Exercise instructions ::
Exactly as written, return every line of the data below apart from the pictures.

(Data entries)
########

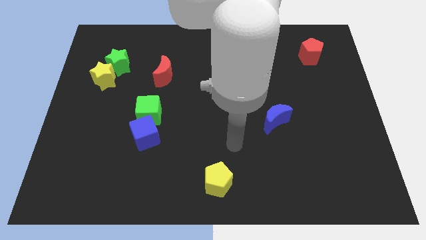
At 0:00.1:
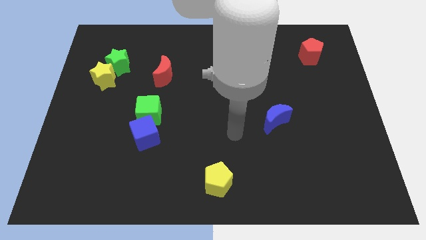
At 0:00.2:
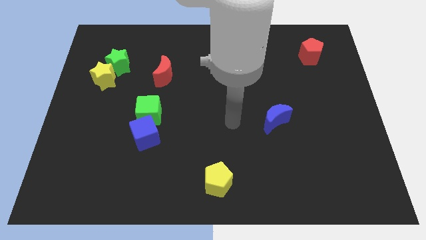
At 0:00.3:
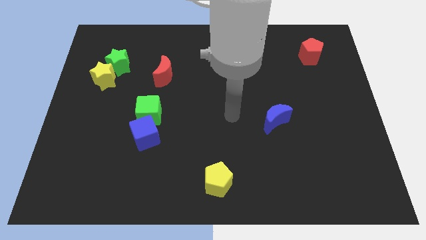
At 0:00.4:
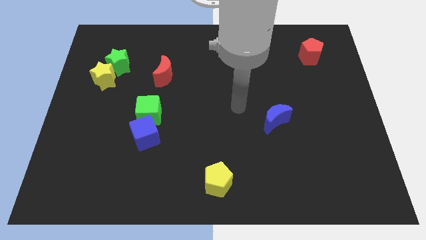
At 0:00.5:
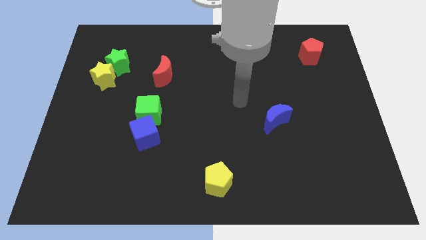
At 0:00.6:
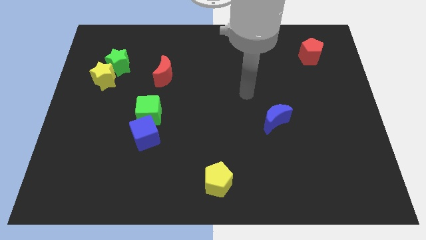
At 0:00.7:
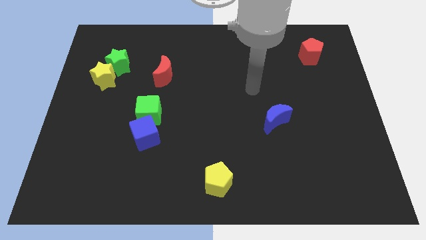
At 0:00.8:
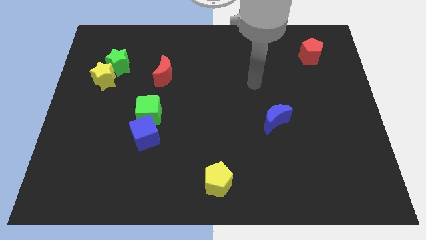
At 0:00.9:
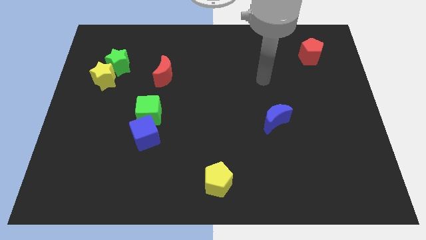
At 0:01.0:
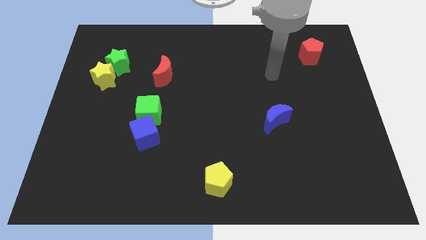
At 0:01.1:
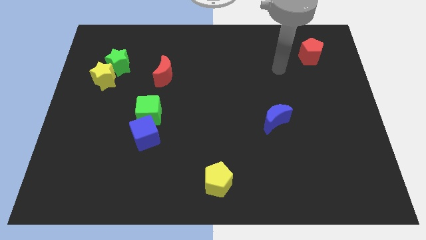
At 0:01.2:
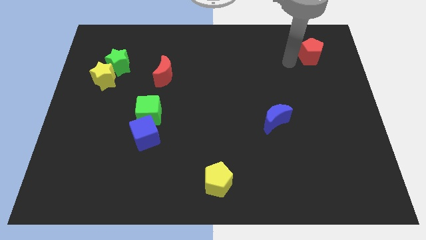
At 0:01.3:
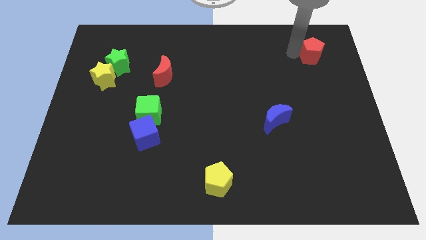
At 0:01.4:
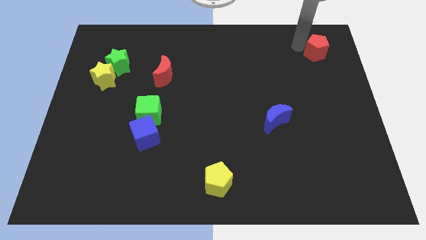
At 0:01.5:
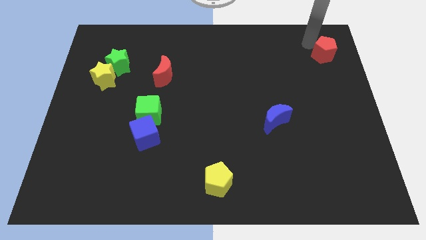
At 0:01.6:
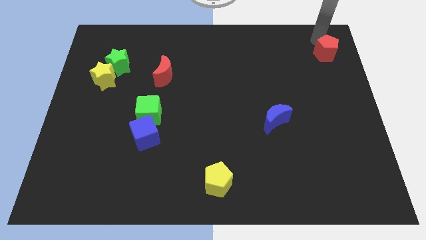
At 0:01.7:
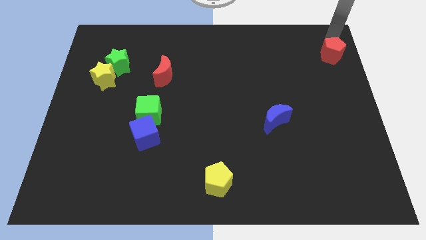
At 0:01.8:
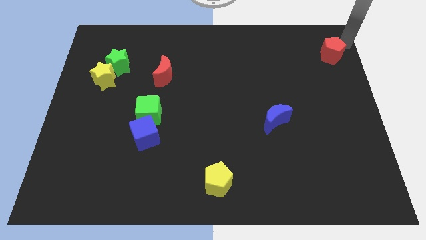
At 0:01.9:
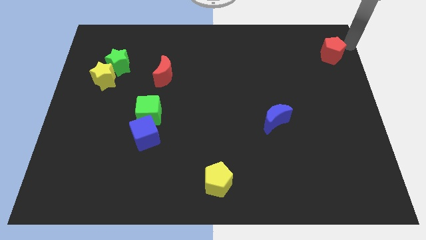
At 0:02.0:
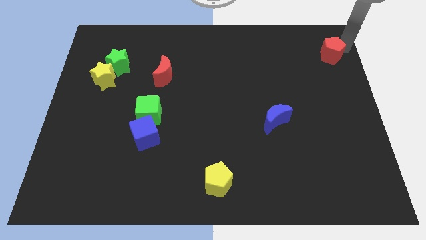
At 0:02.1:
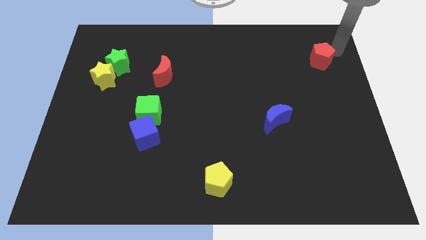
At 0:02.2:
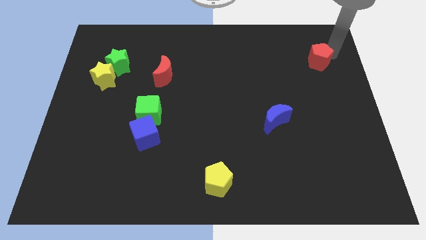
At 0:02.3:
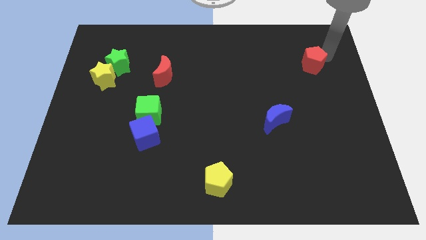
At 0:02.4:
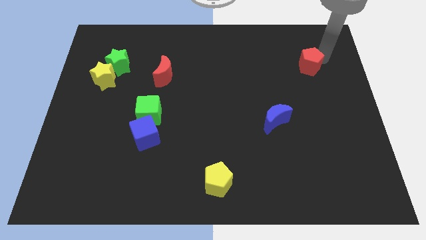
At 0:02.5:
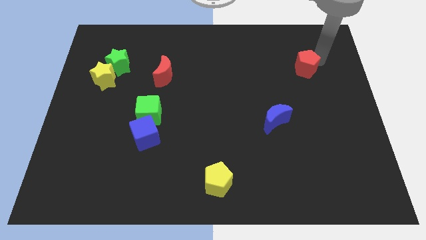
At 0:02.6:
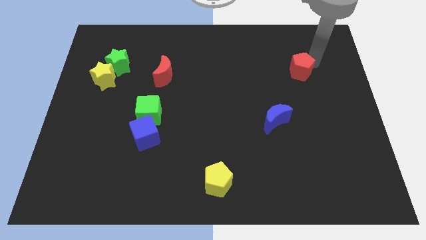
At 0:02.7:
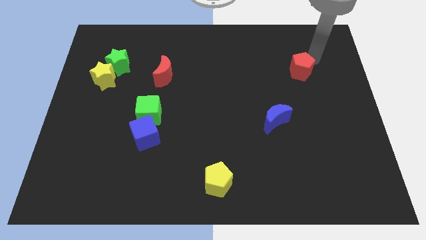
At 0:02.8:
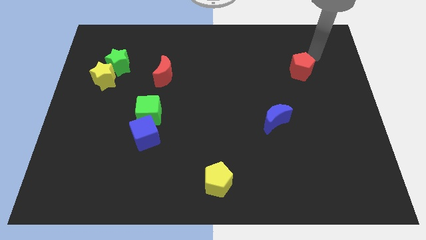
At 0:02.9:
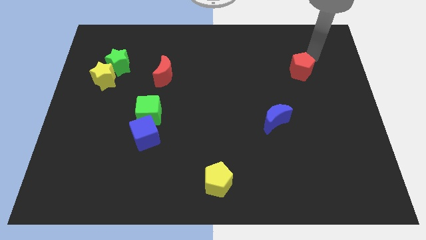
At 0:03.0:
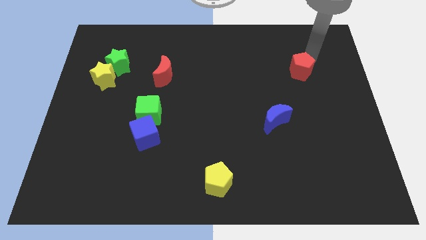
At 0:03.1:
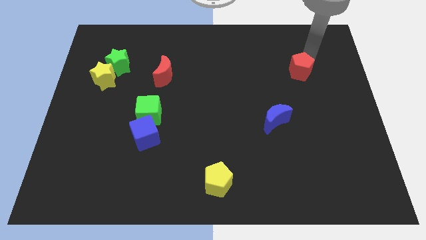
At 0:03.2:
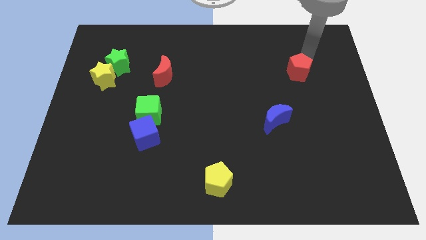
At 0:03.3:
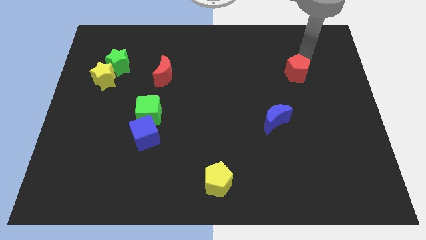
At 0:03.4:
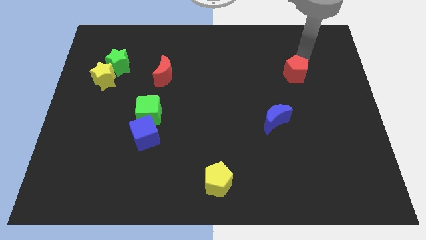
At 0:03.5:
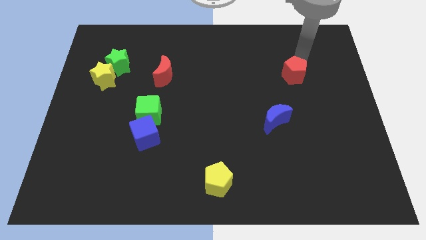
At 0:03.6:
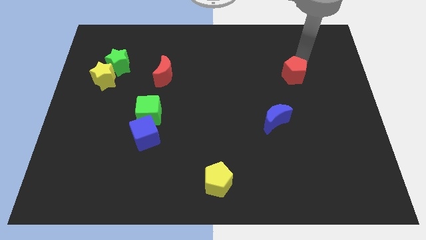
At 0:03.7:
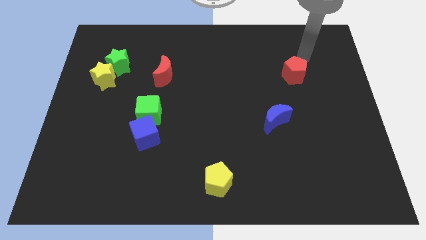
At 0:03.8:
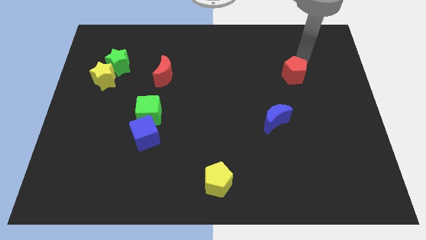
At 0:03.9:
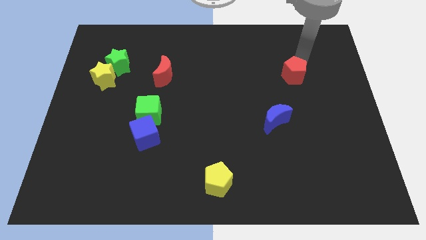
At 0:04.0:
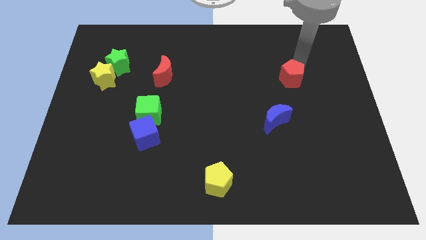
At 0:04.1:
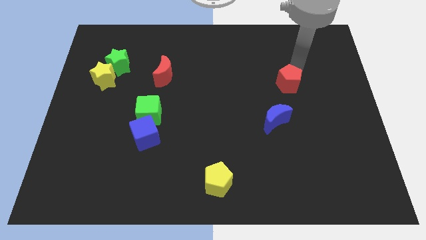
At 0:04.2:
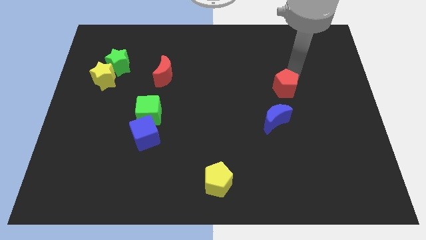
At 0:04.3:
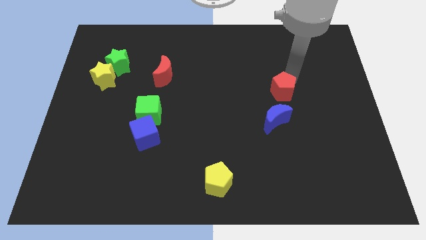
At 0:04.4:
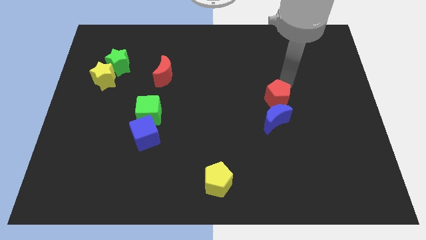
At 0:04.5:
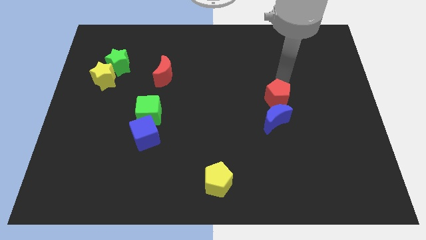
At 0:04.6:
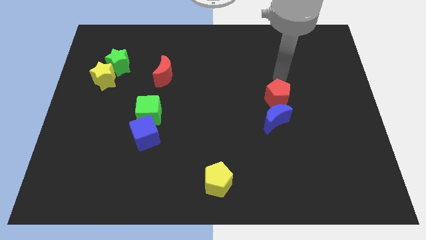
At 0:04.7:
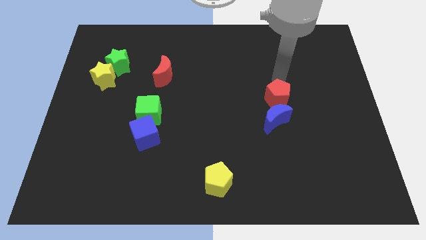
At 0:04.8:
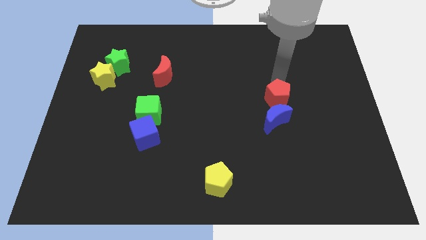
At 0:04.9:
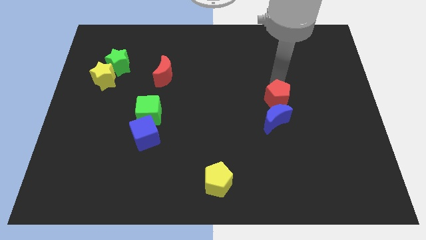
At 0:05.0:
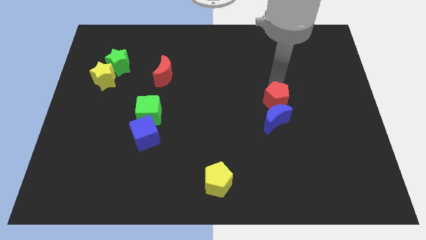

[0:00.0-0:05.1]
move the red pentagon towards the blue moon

########

Response box ::
At 0:00.1:
At 0:00.2:
At 0:00.3:
At 0:00.4:
At 0:00.5:
At 0:00.6:
At 0:00.7:
At 0:00.8:
At 0:00.9:
At 0:01.0:
At 0:01.1:
At 0:01.2:
At 0:01.3:
At 0:01.4:
At 0:01.5:
At 0:01.6:
At 0:01.7:
At 0:01.8:
At 0:01.9:
At 0:02.0:
At 0:02.1:
At 0:02.2:
At 0:02.3:
At 0:02.4:
At 0:02.5:
At 0:02.6:
At 0:02.7:
At 0:02.8:
At 0:02.9:
At 0:03.0:
At 0:03.1:
At 0:03.2:
At 0:03.3:
At 0:03.4:
At 0:03.5:
At 0:03.6:
At 0:03.7:
At 0:03.8:
At 0:03.9:
At 0:04.0:
At 0:04.1:
At 0:04.2:
At 0:04.3:
At 0:04.4:
At 0:04.5:
At 0:04.6:
At 0:04.7:
At 0:04.8:
At 0:04.9:
At 0:05.0:

[0:00.0-0:05.1]
move the red pentagon towards the blue moon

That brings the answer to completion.